MATERIAL SHOWN:

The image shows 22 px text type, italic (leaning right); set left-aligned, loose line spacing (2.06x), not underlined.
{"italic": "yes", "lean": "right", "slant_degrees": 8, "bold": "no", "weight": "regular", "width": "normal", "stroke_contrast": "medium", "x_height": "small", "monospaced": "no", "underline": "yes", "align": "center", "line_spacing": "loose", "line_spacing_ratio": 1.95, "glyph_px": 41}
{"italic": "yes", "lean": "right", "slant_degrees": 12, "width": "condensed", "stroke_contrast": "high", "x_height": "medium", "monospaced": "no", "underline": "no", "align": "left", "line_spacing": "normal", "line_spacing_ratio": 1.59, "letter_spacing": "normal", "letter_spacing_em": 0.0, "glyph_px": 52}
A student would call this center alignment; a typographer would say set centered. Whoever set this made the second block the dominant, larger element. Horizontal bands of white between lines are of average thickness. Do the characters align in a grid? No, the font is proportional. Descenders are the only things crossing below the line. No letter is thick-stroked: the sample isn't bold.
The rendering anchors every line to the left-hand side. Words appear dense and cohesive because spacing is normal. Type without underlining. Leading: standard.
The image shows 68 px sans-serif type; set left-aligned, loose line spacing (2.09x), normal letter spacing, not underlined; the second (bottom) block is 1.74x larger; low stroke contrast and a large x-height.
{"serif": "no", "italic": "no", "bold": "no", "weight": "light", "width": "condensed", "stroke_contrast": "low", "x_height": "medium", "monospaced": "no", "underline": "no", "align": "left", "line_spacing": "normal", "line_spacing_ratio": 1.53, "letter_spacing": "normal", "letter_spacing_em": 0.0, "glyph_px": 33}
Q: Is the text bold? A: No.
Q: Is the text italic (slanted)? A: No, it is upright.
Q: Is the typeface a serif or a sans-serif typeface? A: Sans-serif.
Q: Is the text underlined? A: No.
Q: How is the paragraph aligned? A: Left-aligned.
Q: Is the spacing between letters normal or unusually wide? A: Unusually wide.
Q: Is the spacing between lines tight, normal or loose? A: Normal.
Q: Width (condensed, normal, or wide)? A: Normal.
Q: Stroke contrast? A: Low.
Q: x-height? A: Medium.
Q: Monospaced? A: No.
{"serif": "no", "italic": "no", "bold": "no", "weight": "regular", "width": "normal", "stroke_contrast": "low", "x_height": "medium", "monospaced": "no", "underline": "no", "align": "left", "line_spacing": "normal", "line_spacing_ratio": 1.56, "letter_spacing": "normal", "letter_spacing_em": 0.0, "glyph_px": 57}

PROMPT: A word-for-word copy of the data above is the goal, so set it all down again.

ANSWER AREA:
The image shows 22 px text type, italic (leaning right); set left-aligned, loose line spacing (2.06x), not underlined.
{"italic": "yes", "lean": "right", "slant_degrees": 8, "bold": "no", "weight": "regular", "width": "normal", "stroke_contrast": "medium", "x_height": "small", "monospaced": "no", "underline": "yes", "align": "center", "line_spacing": "loose", "line_spacing_ratio": 1.95, "glyph_px": 41}
{"italic": "yes", "lean": "right", "slant_degrees": 12, "width": "condensed", "stroke_contrast": "high", "x_height": "medium", "monospaced": "no", "underline": "no", "align": "left", "line_spacing": "normal", "line_spacing_ratio": 1.59, "letter_spacing": "normal", "letter_spacing_em": 0.0, "glyph_px": 52}
A student would call this center alignment; a typographer would say set centered. Whoever set this made the second block the dominant, larger element. Horizontal bands of white between lines are of average thickness. Do the characters align in a grid? No, the font is proportional. Descenders are the only things crossing below the line. No letter is thick-stroked: the sample isn't bold.
The rendering anchors every line to the left-hand side. Words appear dense and cohesive because spacing is normal. Type without underlining. Leading: standard.
The image shows 68 px sans-serif type; set left-aligned, loose line spacing (2.09x), normal letter spacing, not underlined; the second (bottom) block is 1.74x larger; low stroke contrast and a large x-height.
{"serif": "no", "italic": "no", "bold": "no", "weight": "light", "width": "condensed", "stroke_contrast": "low", "x_height": "medium", "monospaced": "no", "underline": "no", "align": "left", "line_spacing": "normal", "line_spacing_ratio": 1.53, "letter_spacing": "normal", "letter_spacing_em": 0.0, "glyph_px": 33}
Q: Is the text bold? A: No.
Q: Is the text italic (slanted)? A: No, it is upright.
Q: Is the typeface a serif or a sans-serif typeface? A: Sans-serif.
Q: Is the text underlined? A: No.
Q: How is the paragraph aligned? A: Left-aligned.
Q: Is the spacing between letters normal or unusually wide? A: Unusually wide.
Q: Is the spacing between lines tight, normal or loose? A: Normal.
Q: Width (condensed, normal, or wide)? A: Normal.
Q: Stroke contrast? A: Low.
Q: x-height? A: Medium.
Q: Monospaced? A: No.
{"serif": "no", "italic": "no", "bold": "no", "weight": "regular", "width": "normal", "stroke_contrast": "low", "x_height": "medium", "monospaced": "no", "underline": "no", "align": "left", "line_spacing": "normal", "line_spacing_ratio": 1.56, "letter_spacing": "normal", "letter_spacing_em": 0.0, "glyph_px": 57}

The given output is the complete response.